È morta Clelia Marchi, la «scrittrice del lenzuolo»

Aveva 93 anni. Rimasta vedova, aveva scritto sulla tela le sue memorie. Che diventarono un bestseller

Clelia Marchi ha spento il lume. La «scrittrice sul lenzuolo» è morta ieri nella sua casa di Poggio Rusco nel Mantovano. Aveva 93 anni. La sua vicenda narrativa può sembrare una sorta di Museo Guatelli (quell’incredibile collezione nel Parmense dove Ettore Guatelli ha raccolto a migliaia le memorie dell’Italia povera dell’era pre-consumistica) trasferito dagli oggetti alla memorialistica. Una memorialistica naïf, ma non per questo meno efficace, fino a raggiungere, pur nell’incertezza della lingua che indugia spesso nelle forme dialettali, un indubbio valore letterario.
Clelia Marchi era nata il 19 aprile 1912. Aveva 14 anni quando «dietro la macchina del frumento» conobbe Anteo Benassi che sarebbe diventato suo marito, il compagno amato e rispettato di tutta una vita. A sedici, Clelia partorì il primo figliolo, al quale ne seguirono altri sette. Quattro morirono bambini. Una vita dura, la sua, divisa tra il lavoro dei campi, quello domestico e la crescita dei figli, ma cementata dall’affetto familiare.
Dopo tanti sacrifici, Anteo riuscì a comprarsi finalmente la casa, ma la sorte gli era contraria: morì all’improvviso. Clelia aveva sessant’anni e per riuscire a tirare avanti così, sola, senza l’amato compagno, decise di mettersi a scrivere i ricordi della sua vita, quelli belli e quelli brutti.
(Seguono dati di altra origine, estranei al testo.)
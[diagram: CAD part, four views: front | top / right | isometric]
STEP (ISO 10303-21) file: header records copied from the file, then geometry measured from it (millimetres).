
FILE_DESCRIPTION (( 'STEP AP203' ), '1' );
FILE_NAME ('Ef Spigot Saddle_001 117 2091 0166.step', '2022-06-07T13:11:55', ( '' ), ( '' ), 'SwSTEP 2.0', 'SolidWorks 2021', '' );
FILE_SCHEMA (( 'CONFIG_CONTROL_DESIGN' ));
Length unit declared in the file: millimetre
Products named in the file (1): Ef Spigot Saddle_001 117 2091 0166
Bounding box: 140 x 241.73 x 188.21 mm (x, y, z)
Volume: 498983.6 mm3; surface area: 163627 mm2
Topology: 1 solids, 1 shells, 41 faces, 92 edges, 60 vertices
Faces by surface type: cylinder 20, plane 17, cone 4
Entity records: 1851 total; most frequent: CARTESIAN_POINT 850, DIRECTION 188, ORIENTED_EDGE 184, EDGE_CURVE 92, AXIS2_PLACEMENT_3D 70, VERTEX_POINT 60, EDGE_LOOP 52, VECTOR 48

Ma la carta per scrivere costava troppo, perciò Clelia decise di fare a meno di quaderni e bloc-notes, tirò fuori dall’armadio un lenzuolo matrimoniale bianco, di quelli belli del corredo di sposa, incollò sul lato sinistro una fotografia del marito, sul lato destro la sua, al centro il Sacro cuore di Gesù. E sotto questo frontespizio cominciò a scrivere. Di notte, con il lenzuolo avvolto intorno al cuscino, srotolandolo man mano come fosse un antico papiro. Righe e righe scritte a penna, con una scrittura un po’ incerta ma uniforme, che alla fine raggiunge perfino un curioso effetto grafico.
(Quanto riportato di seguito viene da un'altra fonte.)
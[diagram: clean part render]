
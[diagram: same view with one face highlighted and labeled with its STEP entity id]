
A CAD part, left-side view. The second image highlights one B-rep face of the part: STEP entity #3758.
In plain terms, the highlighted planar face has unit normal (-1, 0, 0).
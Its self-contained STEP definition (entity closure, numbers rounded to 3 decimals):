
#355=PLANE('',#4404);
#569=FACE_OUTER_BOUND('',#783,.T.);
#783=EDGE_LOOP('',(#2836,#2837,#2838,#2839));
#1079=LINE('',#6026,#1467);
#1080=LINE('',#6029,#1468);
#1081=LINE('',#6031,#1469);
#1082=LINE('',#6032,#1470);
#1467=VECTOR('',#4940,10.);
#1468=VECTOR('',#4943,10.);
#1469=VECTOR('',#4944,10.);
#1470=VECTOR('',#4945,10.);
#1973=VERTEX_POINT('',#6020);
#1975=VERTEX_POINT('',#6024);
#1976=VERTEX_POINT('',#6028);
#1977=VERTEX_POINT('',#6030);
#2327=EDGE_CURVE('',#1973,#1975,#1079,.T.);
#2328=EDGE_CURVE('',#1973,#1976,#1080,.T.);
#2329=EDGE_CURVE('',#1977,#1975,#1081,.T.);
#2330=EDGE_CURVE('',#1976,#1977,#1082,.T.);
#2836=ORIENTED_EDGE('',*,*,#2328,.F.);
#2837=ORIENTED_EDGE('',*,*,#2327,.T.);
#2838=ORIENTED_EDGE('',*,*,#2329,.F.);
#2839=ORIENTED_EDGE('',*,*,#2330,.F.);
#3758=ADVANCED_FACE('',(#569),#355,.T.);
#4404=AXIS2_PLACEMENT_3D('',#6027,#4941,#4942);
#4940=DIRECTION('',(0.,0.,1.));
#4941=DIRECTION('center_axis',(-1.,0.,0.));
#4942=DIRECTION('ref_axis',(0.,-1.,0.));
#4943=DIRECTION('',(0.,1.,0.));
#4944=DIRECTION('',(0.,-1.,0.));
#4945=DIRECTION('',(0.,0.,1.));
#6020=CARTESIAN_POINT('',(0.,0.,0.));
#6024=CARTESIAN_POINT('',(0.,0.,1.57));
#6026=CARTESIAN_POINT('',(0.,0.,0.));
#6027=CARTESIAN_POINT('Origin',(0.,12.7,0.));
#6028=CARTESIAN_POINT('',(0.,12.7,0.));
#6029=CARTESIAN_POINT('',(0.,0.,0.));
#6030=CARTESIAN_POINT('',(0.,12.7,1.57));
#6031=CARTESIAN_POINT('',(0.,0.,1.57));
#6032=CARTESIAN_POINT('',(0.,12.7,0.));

Mise giù le sue memorie fino al 1985 poi andò a far vedere il lenzuolo, ormai tutto coperto di scrittura, al sindaco di Poggio Rusco. Il primo cittadino comprese immediatamente di trovarsi di fronte a qualcosa che oltrepassava la semplice curiosità e decise di interessare l’Archivio diaristico nazionale di Pieve Santo Stefano (Arezzo), che raccoglie oltre 5.000 storie inedite scritte in forma di diario. In un giorno d’inverno del 1986, Clelia arrivò col suo lenzuolo a Pieve Santo Stefano, senza sapere che il suo singolare diario non si sarebbe fermato lì. Tre anni dopo nel 1989, Luca Formenton, nipote di Arnoldo Mondadori, durante una visita a Poggio Rusco, paese d’origine del nonno, venne a sapere del lenzuolo di Clelia. E lo volle vedere.
Nel 1992, quando Clelia aveva già ottant’anni, il lenzuolo, trascritto da Rosanna Mai, diventò un libro con il titolo Gnanca na busïa (Mondadori), e con la prefazione di Saverio Tutino. Neanche una bugia: Clelia Marchi ha raccontato senza inventare né nascondere nulla, le vicende allegre e quelle tragiche, le nascite e le morti, i parenti e i compagni di lavoro, le stagioni e le guerre. Uno straordinario documento che diventò un bestseller.
Ma la vita di Clelia non mutò: rimase a vivere nella casa comprata da Anteo con tanti sacrifici, dove ieri è morta.

Oggi viene sepolta accanto al marito.